The entries below are to be written out again without alteration.

(Items listed in a dataset)

+-------+

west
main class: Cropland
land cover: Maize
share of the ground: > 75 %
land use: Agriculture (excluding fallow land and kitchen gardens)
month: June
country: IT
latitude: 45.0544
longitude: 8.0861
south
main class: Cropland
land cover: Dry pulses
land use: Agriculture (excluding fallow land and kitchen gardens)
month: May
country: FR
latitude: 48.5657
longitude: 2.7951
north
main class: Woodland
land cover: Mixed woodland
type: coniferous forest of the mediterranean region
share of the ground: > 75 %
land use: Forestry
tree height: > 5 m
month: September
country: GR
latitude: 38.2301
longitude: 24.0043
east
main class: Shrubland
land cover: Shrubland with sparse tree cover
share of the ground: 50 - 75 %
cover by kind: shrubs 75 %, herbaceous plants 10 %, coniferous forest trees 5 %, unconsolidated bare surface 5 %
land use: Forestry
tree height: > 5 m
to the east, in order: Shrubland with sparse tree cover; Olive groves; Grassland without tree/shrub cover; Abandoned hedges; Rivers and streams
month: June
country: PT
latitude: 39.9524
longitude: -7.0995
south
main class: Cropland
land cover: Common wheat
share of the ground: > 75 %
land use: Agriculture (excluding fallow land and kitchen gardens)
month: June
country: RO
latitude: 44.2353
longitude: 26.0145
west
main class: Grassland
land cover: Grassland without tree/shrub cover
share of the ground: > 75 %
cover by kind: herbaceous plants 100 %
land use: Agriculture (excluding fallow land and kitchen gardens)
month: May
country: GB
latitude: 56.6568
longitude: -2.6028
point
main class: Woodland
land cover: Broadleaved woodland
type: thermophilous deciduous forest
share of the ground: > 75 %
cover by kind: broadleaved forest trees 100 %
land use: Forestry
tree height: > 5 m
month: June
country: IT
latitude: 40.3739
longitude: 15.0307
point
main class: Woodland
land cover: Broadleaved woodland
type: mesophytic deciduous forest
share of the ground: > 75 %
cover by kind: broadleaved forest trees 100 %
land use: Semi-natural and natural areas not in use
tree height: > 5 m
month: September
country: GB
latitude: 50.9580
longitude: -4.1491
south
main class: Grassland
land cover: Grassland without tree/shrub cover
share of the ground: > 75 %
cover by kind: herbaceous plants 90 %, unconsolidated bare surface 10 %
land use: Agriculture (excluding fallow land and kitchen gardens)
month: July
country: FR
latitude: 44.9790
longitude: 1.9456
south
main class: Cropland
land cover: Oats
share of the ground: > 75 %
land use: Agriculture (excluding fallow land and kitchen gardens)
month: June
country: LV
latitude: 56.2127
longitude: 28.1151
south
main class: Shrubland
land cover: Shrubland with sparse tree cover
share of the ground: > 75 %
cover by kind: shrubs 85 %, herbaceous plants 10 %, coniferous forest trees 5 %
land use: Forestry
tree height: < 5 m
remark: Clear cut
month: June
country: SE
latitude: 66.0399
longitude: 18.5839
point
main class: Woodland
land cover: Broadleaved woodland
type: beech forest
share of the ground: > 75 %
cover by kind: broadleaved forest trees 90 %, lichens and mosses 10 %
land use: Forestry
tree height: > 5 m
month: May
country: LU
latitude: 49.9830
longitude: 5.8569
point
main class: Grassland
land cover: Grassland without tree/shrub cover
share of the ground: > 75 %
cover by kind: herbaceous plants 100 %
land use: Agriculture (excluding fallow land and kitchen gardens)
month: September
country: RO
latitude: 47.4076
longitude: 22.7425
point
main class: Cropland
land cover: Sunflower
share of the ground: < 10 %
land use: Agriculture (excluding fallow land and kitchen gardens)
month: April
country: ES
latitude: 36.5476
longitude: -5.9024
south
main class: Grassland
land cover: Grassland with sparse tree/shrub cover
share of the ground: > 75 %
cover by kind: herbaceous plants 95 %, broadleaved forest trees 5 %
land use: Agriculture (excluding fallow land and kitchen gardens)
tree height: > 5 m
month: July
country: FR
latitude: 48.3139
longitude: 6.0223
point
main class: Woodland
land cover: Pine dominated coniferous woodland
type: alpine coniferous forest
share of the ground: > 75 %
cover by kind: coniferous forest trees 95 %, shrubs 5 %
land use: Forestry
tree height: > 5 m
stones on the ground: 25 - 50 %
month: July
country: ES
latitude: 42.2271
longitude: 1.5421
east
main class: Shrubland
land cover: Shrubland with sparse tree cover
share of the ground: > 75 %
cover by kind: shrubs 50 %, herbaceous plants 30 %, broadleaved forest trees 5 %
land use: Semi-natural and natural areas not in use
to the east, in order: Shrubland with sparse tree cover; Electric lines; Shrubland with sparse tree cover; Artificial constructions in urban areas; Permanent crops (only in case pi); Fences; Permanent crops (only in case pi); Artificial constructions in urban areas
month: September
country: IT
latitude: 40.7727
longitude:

+-------+

### [Task answer]
west
main class: Cropland
land cover: Maize
share of the ground: > 75 %
land use: Agriculture (excluding fallow land and kitchen gardens)
month: June
country: IT
latitude: 45.0544
longitude: 8.0861
south
main class: Cropland
land cover: Dry pulses
land use: Agriculture (excluding fallow land and kitchen gardens)
month: May
country: FR
latitude: 48.5657
longitude: 2.7951
north
main class: Woodland
land cover: Mixed woodland
type: coniferous forest of the mediterranean region
share of the ground: > 75 %
land use: Forestry
tree height: > 5 m
month: September
country: GR
latitude: 38.2301
longitude: 24.0043
east
main class: Shrubland
land cover: Shrubland with sparse tree cover
share of the ground: 50 - 75 %
cover by kind: shrubs 75 %, herbaceous plants 10 %, coniferous forest trees 5 %, unconsolidated bare surface 5 %
land use: Forestry
tree height: > 5 m
to the east, in order: Shrubland with sparse tree cover; Olive groves; Grassland without tree/shrub cover; Abandoned hedges; Rivers and streams
month: June
country: PT
latitude: 39.9524
longitude: -7.0995
south
main class: Cropland
land cover: Common wheat
share of the ground: > 75 %
land use: Agriculture (excluding fallow land and kitchen gardens)
month: June
country: RO
latitude: 44.2353
longitude: 26.0145
west
main class: Grassland
land cover: Grassland without tree/shrub cover
share of the ground: > 75 %
cover by kind: herbaceous plants 100 %
land use: Agriculture (excluding fallow land and kitchen gardens)
month: May
country: GB
latitude: 56.6568
longitude: -2.6028
point
main class: Woodland
land cover: Broadleaved woodland
type: thermophilous deciduous forest
share of the ground: > 75 %
cover by kind: broadleaved forest trees 100 %
land use: Forestry
tree height: > 5 m
month: June
country: IT
latitude: 40.3739
longitude: 15.0307
point
main class: Woodland
land cover: Broadleaved woodland
type: mesophytic deciduous forest
share of the ground: > 75 %
cover by kind: broadleaved forest trees 100 %
land use: Semi-natural and natural areas not in use
tree height: > 5 m
month: September
country: GB
latitude: 50.9580
longitude: -4.1491
south
main class: Grassland
land cover: Grassland without tree/shrub cover
share of the ground: > 75 %
cover by kind: herbaceous plants 90 %, unconsolidated bare surface 10 %
land use: Agriculture (excluding fallow land and kitchen gardens)
month: July
country: FR
latitude: 44.9790
longitude: 1.9456
south
main class: Cropland
land cover: Oats
share of the ground: > 75 %
land use: Agriculture (excluding fallow land and kitchen gardens)
month: June
country: LV
latitude: 56.2127
longitude: 28.1151
south
main class: Shrubland
land cover: Shrubland with sparse tree cover
share of the ground: > 75 %
cover by kind: shrubs 85 %, herbaceous plants 10 %, coniferous forest trees 5 %
land use: Forestry
tree height: < 5 m
remark: Clear cut
month: June
country: SE
latitude: 66.0399
longitude: 18.5839
point
main class: Woodland
land cover: Broadleaved woodland
type: beech forest
share of the ground: > 75 %
cover by kind: broadleaved forest trees 90 %, lichens and mosses 10 %
land use: Forestry
tree height: > 5 m
month: May
country: LU
latitude: 49.9830
longitude: 5.8569
point
main class: Grassland
land cover: Grassland without tree/shrub cover
share of the ground: > 75 %
cover by kind: herbaceous plants 100 %
land use: Agriculture (excluding fallow land and kitchen gardens)
month: September
country: RO
latitude: 47.4076
longitude: 22.7425
point
main class: Cropland
land cover: Sunflower
share of the ground: < 10 %
land use: Agriculture (excluding fallow land and kitchen gardens)
month: April
country: ES
latitude: 36.5476
longitude: -5.9024
south
main class: Grassland
land cover: Grassland with sparse tree/shrub cover
share of the ground: > 75 %
cover by kind: herbaceous plants 95 %, broadleaved forest trees 5 %
land use: Agriculture (excluding fallow land and kitchen gardens)
tree height: > 5 m
month: July
country: FR
latitude: 48.3139
longitude: 6.0223
point
main class: Woodland
land cover: Pine dominated coniferous woodland
type: alpine coniferous forest
share of the ground: > 75 %
cover by kind: coniferous forest trees 95 %, shrubs 5 %
land use: Forestry
tree height: > 5 m
stones on the ground: 25 - 50 %
month: July
country: ES
latitude: 42.2271
longitude: 1.5421
east
main class: Shrubland
land cover: Shrubland with sparse tree cover
share of the ground: > 75 %
cover by kind: shrubs 50 %, herbaceous plants 30 %, broadleaved forest trees 5 %
land use: Semi-natural and natural areas not in use
to the east, in order: Shrubland with sparse tree cover; Electric lines; Shrubland with sparse tree cover; Artificial constructions in urban areas; Permanent crops (only in case pi); Fences; Permanent crops (only in case pi); Artificial constructions in urban areas
month: September
country: IT
latitude: 40.7727
longitude:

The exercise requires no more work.